Party A will transfer the Enterprise Development Special Support Funds to Party B in the above proportion as scheduled during the six years with the specific time of fund transfer for each year to be at the end of June of the immediately following year. The aggregate amount of the Enterprise Development Special Support Funds to be transferred from Party A to Party B within the six years shall not exceed 75% of the total amount contributed by Party B to the tax revenues of the district-level government finance department in the six years.

 

(2)

Local Tax Target and Preferential Policy

 

4.4

Party B undertakes to maintain an average of local tax payment (namely the portion of enterprise income tax, value-added tax, business tax, urban development tax and individual income tax receivable by the district-level government finance department, but excluding any tax refund granted by national and municipal tax authorities, as shall be case hereinafter) at or above RMB 500,000/ mu (unless in the event of any force majeure such as war and natural disaster) for each year of the first three years with January, 2006 as the beginning of the first year.
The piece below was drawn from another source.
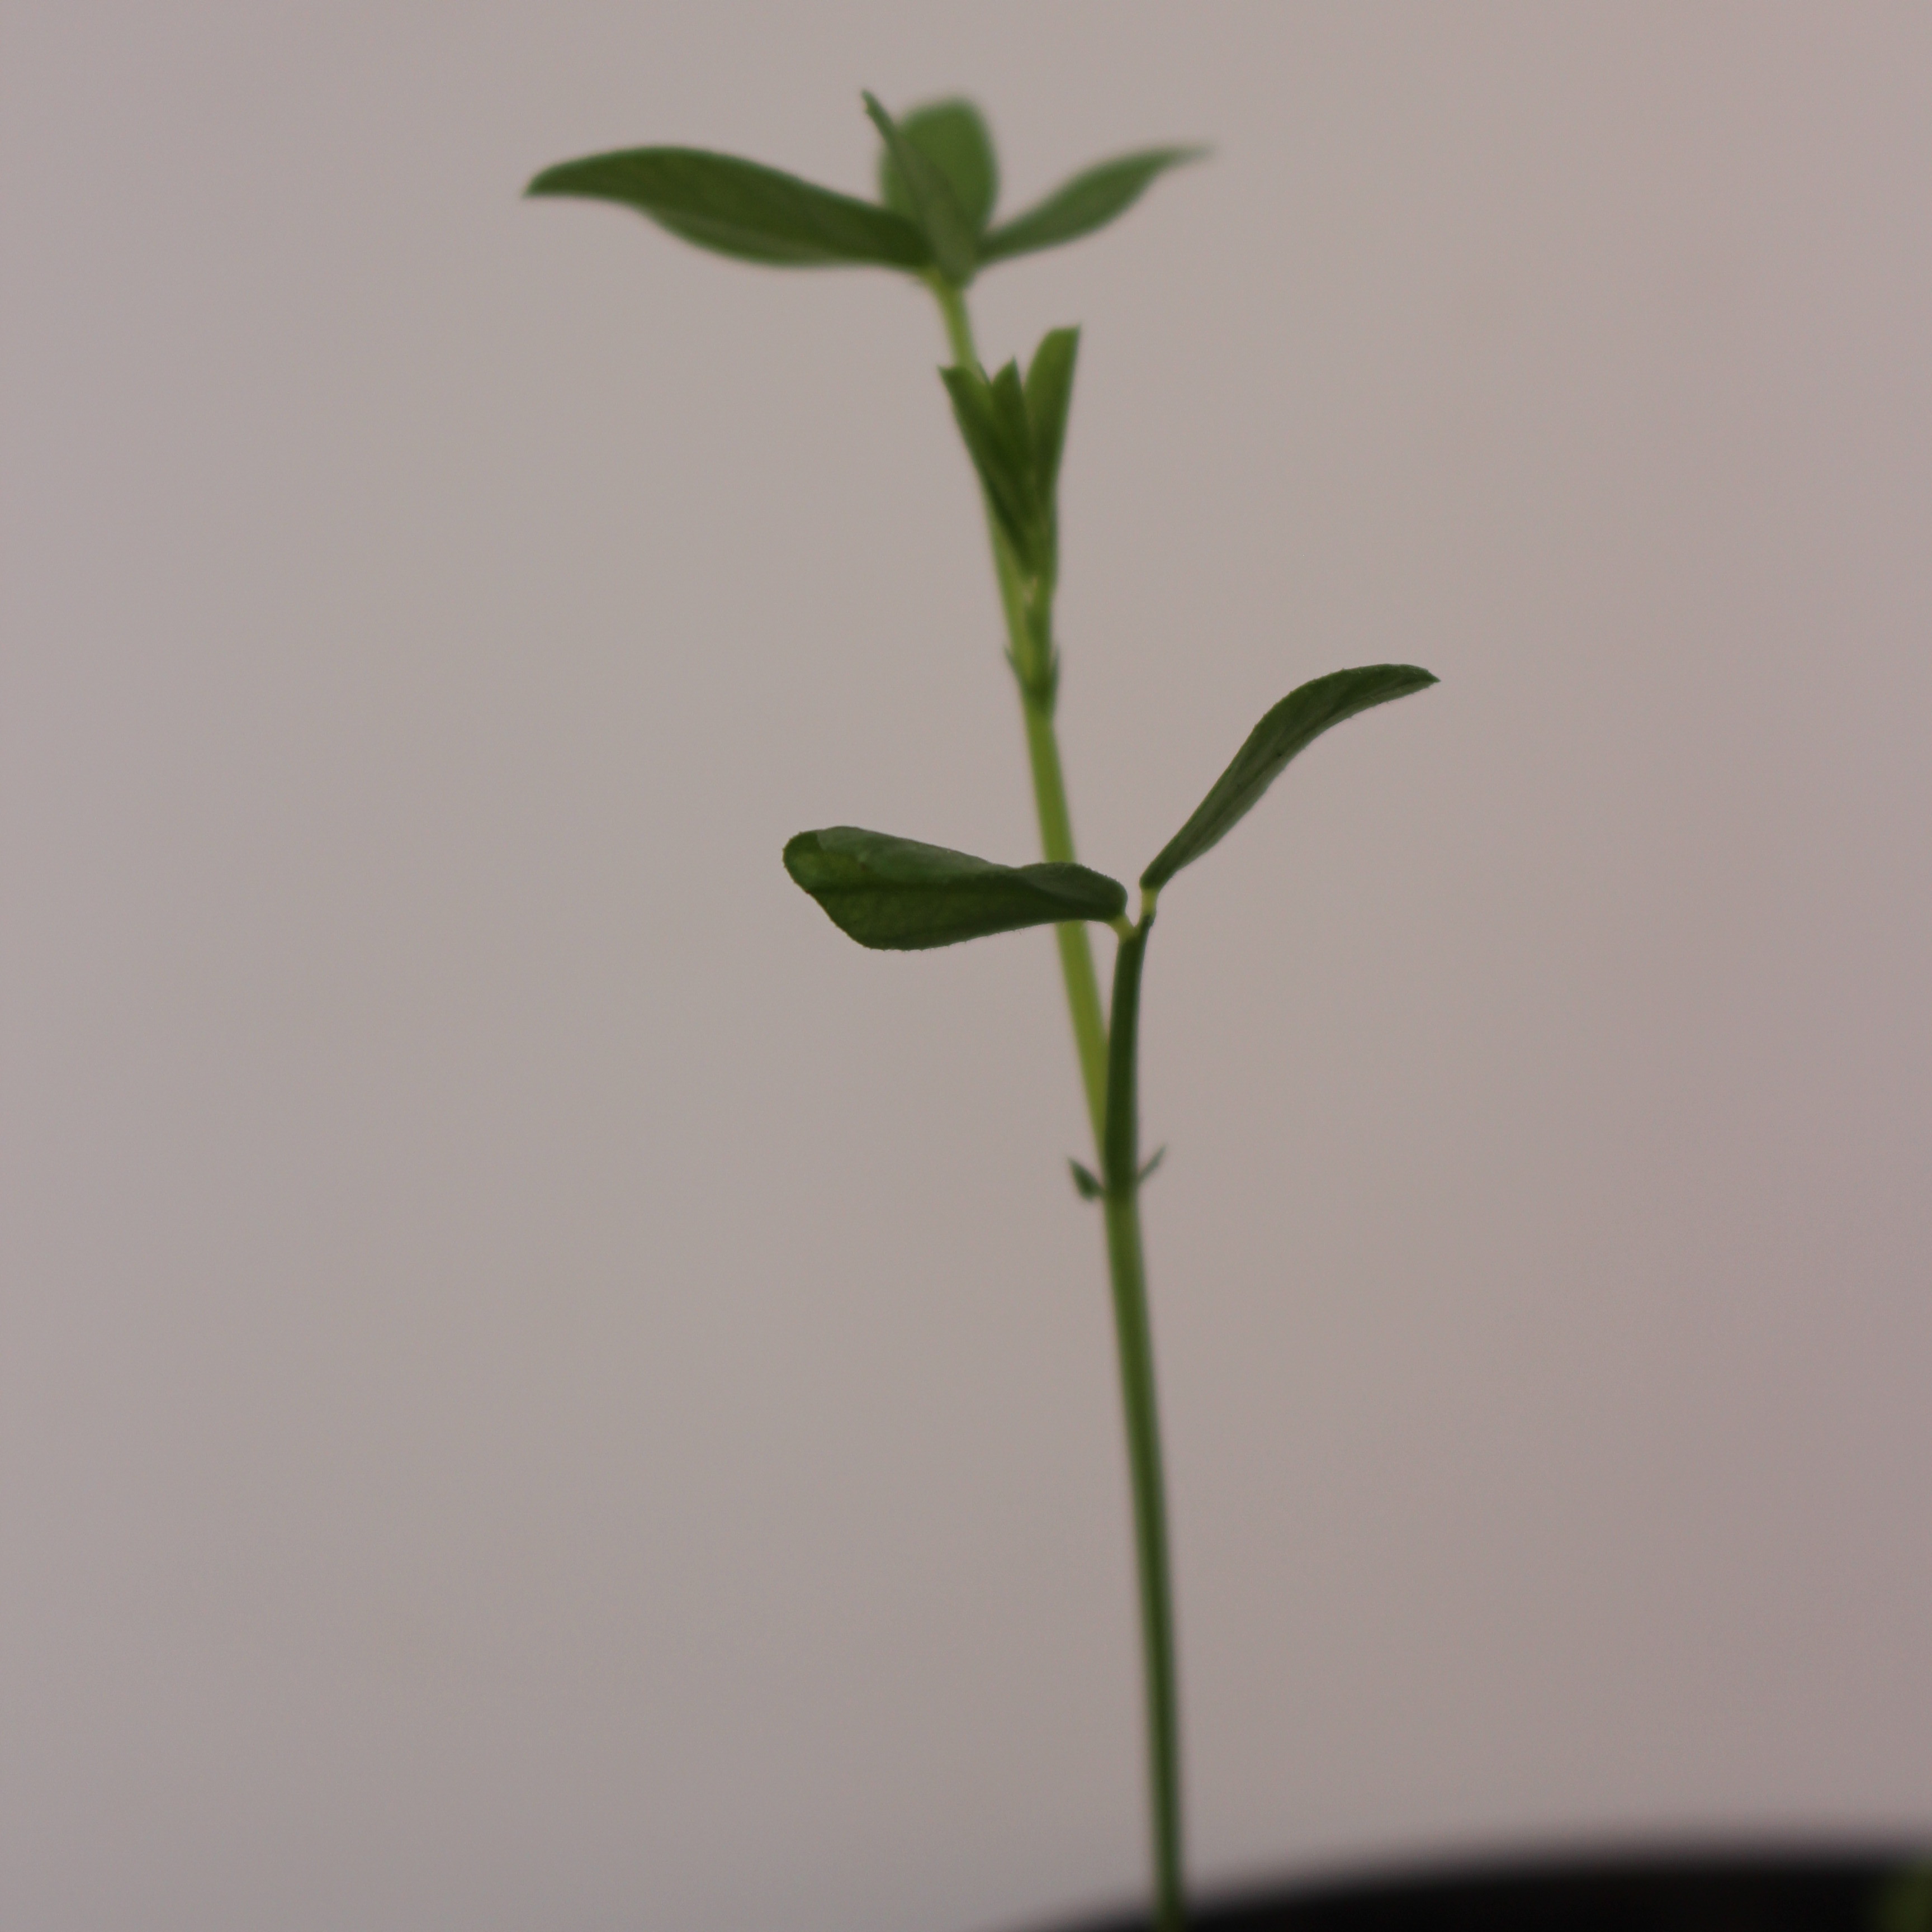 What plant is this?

Vicia sativa
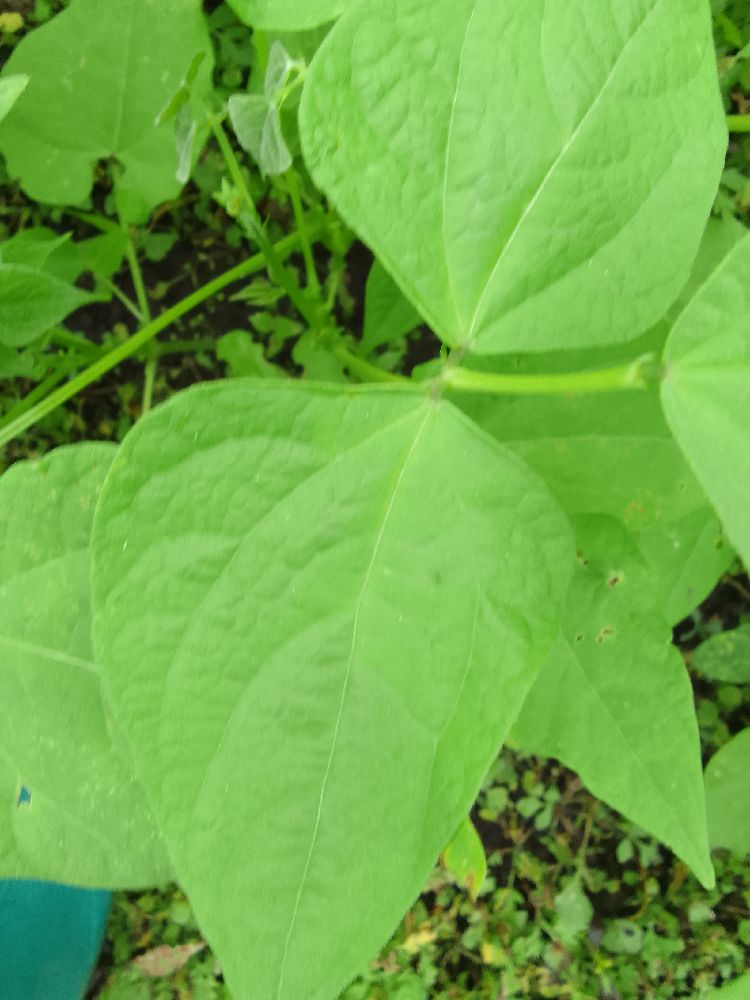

If Party B fails to maintain an aggregate of such payment at or above RMB 1.5 million/ mu in the first three years, Party B shall make up for the local tax payment receivable by Party A for the current year (namely: RMB 500,000/ mu x 25 mu x the proportion receivable by Party A for the current year) in monetary funds and, in addition, Party A shall be entitled to demand Party B to make up to Party A in monetary funds for the difference between the Land Early Development Cost Compensation and the land cost calculated at RMB 3.5 million/ mu .


4.5

In the subsequent three years, Party B shall maintain an average of local tax payment at or above RMB 500,000/ mu (unless in the event of any force majeure such as war and natural disaster), otherwise it shall, in addition to making up for the local tax payment receivable by Party A for each year (namely: RMB 500,000/ mu x 25 mu x the proportion receivable by Party A for the current year), make up to Party A in monetary funds for the difference between the Land Early Development Cost Compensation and the land cost calculated at RMB 3.5 million/ mu .

 

4.6

Party A shall not repeat its demand to Party B for making up for the difference between the land cost and the Land Early Development Cost Compensation pursuant to Sub-Articles 4.4 and 4.5.

 

4.7

Beginning from the seventh year after the date of delivery of the Project Land from Party A to Party B, if Party B’s local tax payment reaches or exceeds RMB 500,000 for the current year and subject to the signing of another agreement between the Parties, Party A undertakes to continue to support Party B with the Enterprise Development Special Support Funds in a maximum amount of not exceeding 50% of the total local tax payment (namely the portion of enterprise income tax, value-added tax and business tax receivable by the district-level government finance department) made by Party B for the current year.

 

Article 5: Conveyance of Project Land

 

5.1

Party A plans to transfer the lot of land specified hereunder to Party B by January 20, 2005 after having the land leveled and formed, and the Parties shall complete the conveyance filing in writing upon such transfer.

 

5.2

Party B shall fence off the land after the area of the land has been measured and the boundary of the land has been determined by the land administration of the government.

 

Article 6: Project Planning

 

6.1

At the time of transferring the land to Party B, Party A shall notify Party B of the planning requirements under the “Detailed Planning” and “Landscaping Plan” of Lin Kong Zone approved by the government (such plans are attached hereto as Appendix 4 and Appendix 5, respectively), and Party B shall comply with such requirements.